Entries taken from a collection
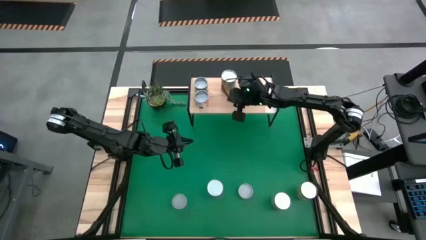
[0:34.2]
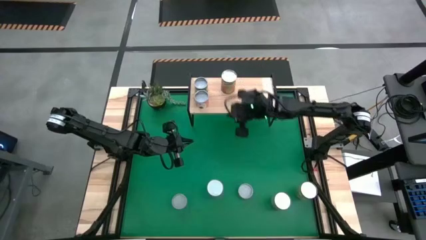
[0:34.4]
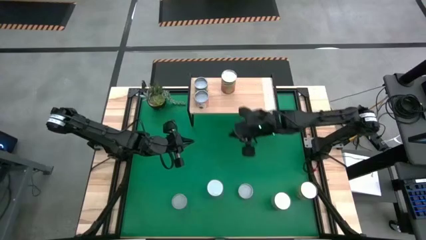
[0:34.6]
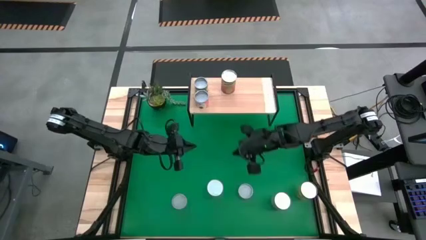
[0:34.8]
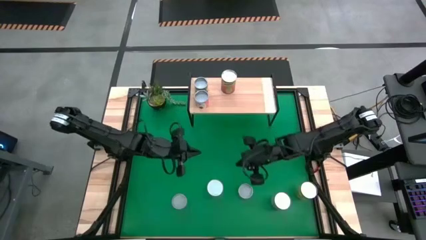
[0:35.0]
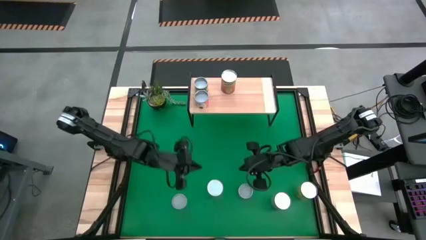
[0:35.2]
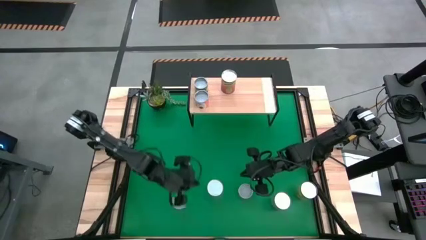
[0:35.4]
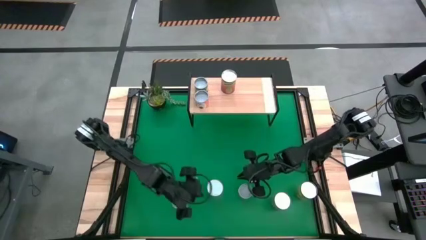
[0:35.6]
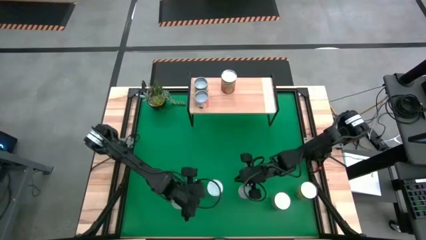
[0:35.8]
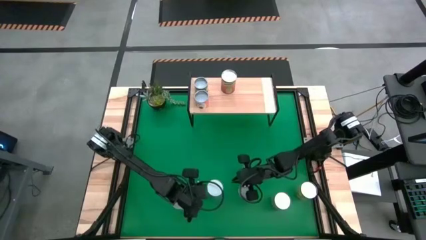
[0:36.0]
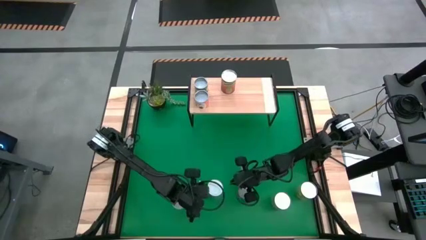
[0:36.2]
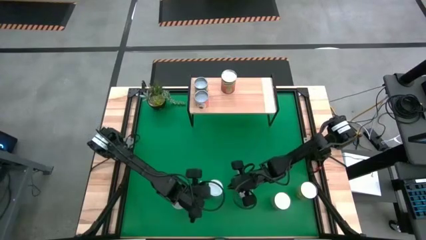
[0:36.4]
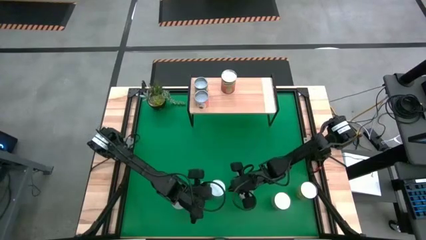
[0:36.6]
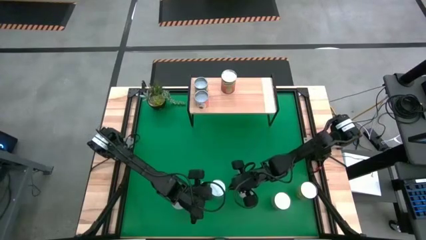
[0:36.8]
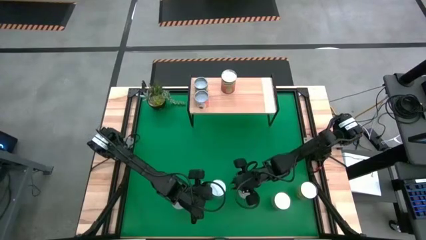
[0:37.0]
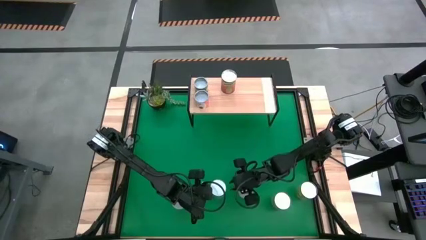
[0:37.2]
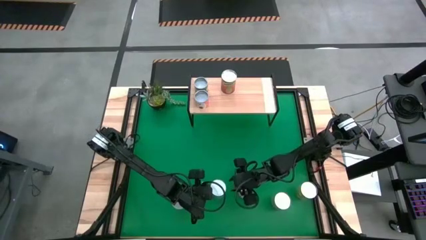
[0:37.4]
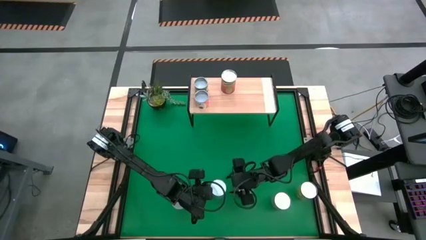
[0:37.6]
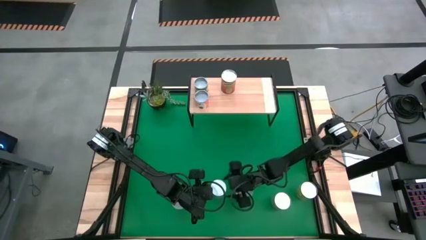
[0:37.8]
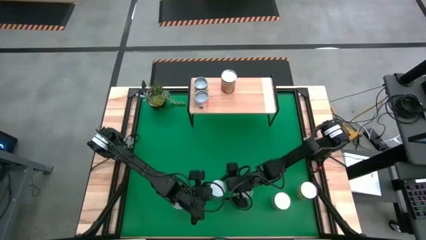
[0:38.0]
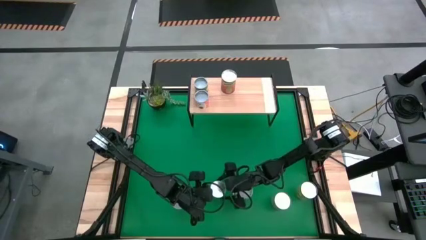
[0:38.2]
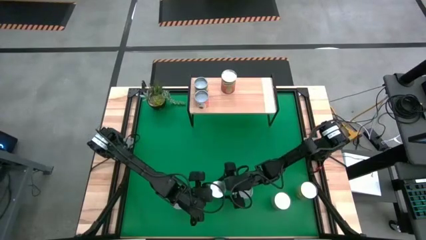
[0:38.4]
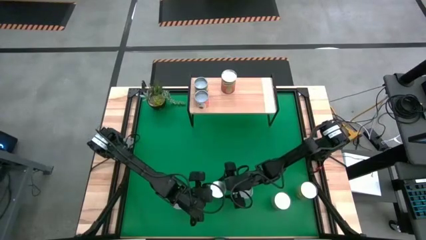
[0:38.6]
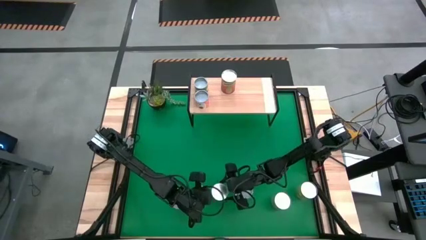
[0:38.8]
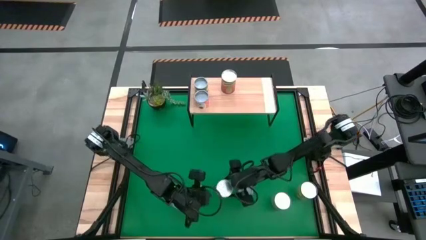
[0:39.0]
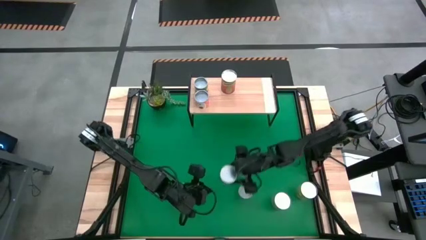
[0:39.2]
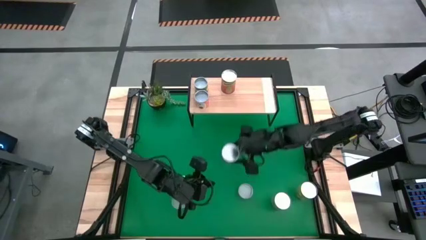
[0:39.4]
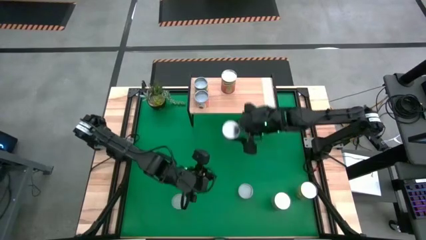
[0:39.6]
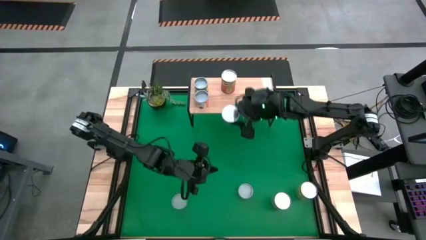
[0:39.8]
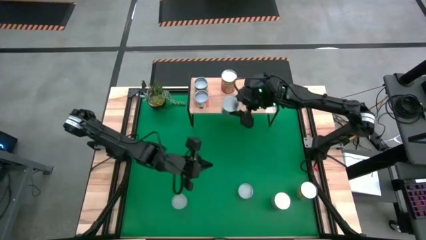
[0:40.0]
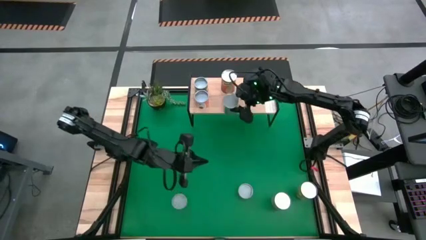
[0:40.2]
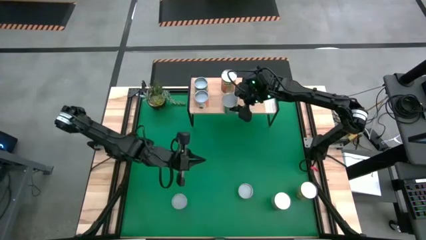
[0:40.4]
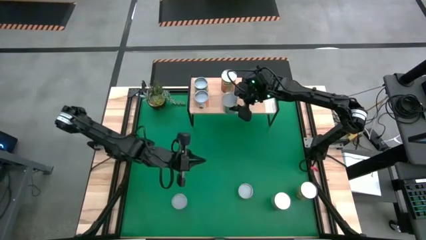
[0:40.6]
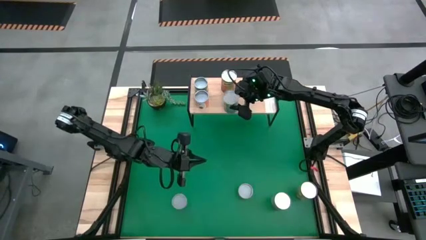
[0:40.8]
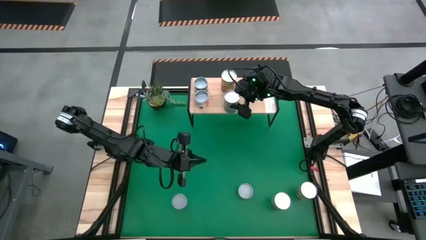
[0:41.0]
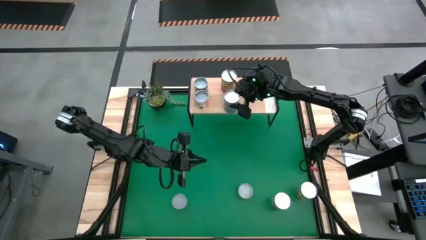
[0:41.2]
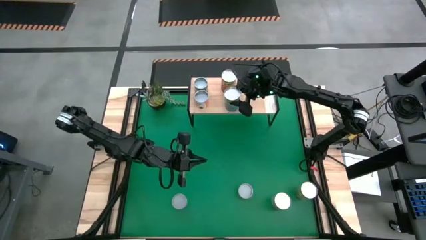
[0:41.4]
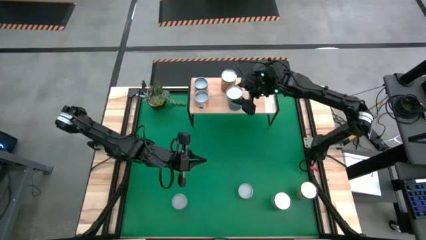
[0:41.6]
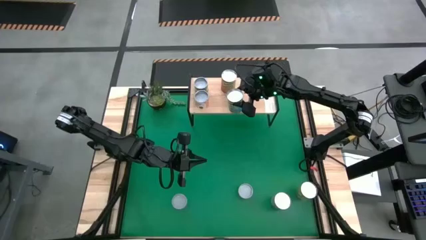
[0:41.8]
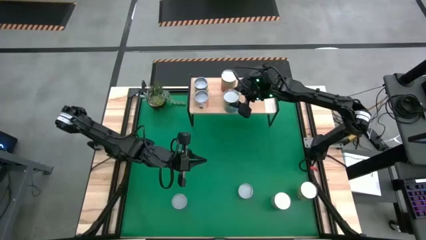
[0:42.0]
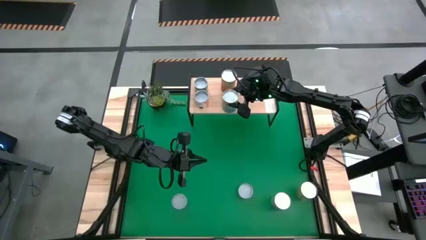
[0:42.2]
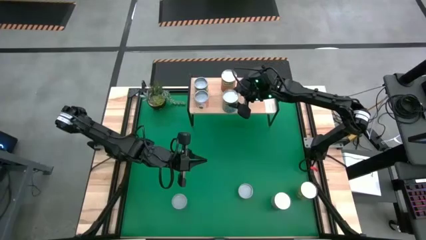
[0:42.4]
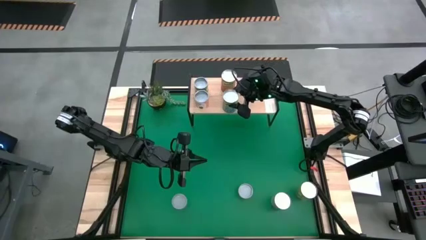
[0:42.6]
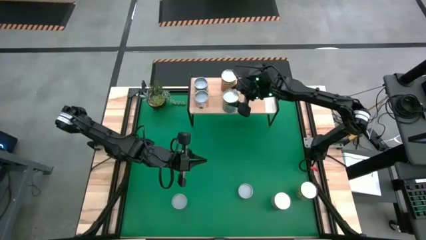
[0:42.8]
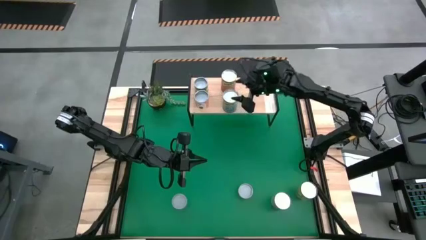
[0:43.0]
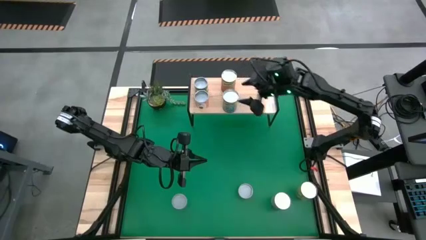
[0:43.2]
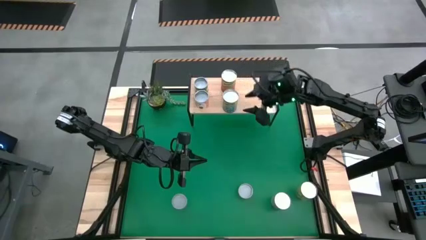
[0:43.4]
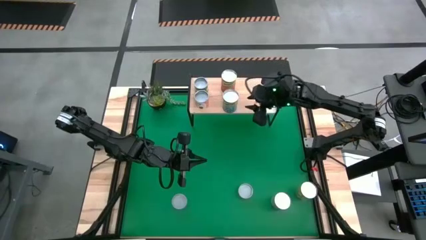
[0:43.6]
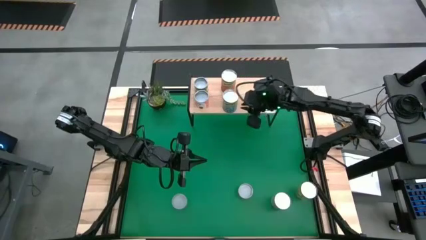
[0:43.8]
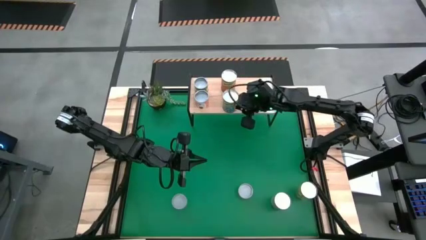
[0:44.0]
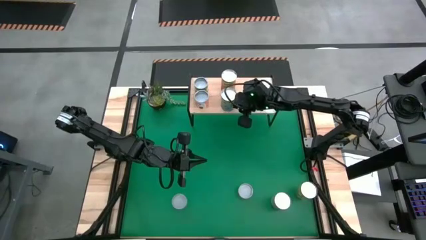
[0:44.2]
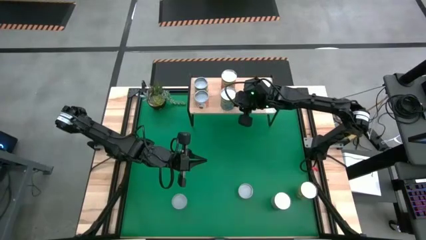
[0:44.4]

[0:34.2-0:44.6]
Task: Pick and place cans onto a shelf
Put the canned cherries on the shelf

Exercise requirements:
Restate each entry word for word; pictures stay out of the copy.

Response to this exercise:
[0:34.2]
[0:34.4]
[0:34.6]
[0:34.8]
[0:35.0]
[0:35.2]
[0:35.4]
[0:35.6]
[0:35.8]
[0:36.0]
[0:36.2]
[0:36.4]
[0:36.6]
[0:36.8]
[0:37.0]
[0:37.2]
[0:37.4]
[0:37.6]
[0:37.8]
[0:38.0]
[0:38.2]
[0:38.4]
[0:38.6]
[0:38.8]
[0:39.0]
[0:39.2]
[0:39.4]
[0:39.6]
[0:39.8]
[0:40.0]
[0:40.2]
[0:40.4]
[0:40.6]
[0:40.8]
[0:41.0]
[0:41.2]
[0:41.4]
[0:41.6]
[0:41.8]
[0:42.0]
[0:42.2]
[0:42.4]
[0:42.6]
[0:42.8]
[0:43.0]
[0:43.2]
[0:43.4]
[0:43.6]
[0:43.8]
[0:44.0]
[0:44.2]
[0:44.4]

[0:34.2-0:44.6]
Task: Pick and place cans onto a shelf
Put the canned cherries on the shelf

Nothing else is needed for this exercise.